§ **INSTRUCTIONS TO FOLLOW**: Every line in the data below that holds "Repetition" should be found and copied.

##### SOURCE INFORMATION #####

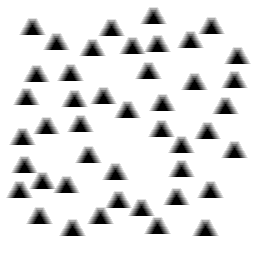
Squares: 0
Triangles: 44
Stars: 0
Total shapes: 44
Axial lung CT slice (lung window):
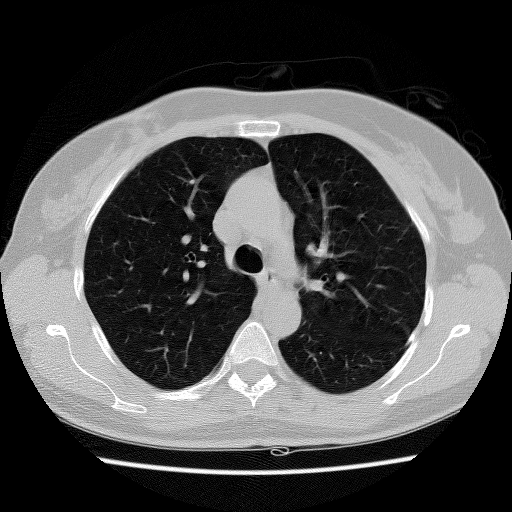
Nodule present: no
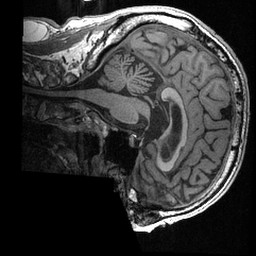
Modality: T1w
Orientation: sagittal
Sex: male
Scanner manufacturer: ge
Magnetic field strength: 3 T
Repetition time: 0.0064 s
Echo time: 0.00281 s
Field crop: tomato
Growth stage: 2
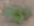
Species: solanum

#####
##### SOURCE INFORMATION #####

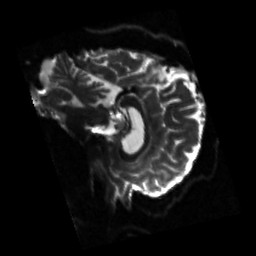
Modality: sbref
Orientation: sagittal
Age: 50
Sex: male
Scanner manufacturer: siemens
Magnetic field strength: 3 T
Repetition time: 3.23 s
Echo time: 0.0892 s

#####
##### SOURCE INFORMATION #####

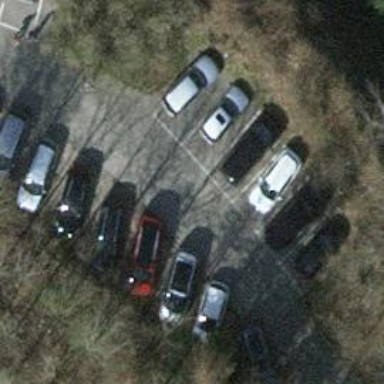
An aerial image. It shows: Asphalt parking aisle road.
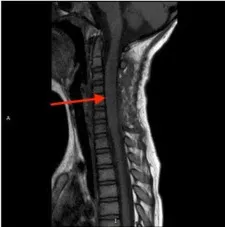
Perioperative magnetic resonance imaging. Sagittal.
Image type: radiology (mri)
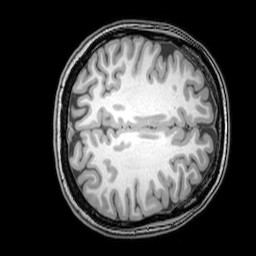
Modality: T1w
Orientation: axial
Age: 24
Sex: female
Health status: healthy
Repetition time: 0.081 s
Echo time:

#####

§ **REPLY TO THE TASK**:
Repetition time: 0.0064 s
Repetition time: 3.23 s
Repetition time: 0.081 s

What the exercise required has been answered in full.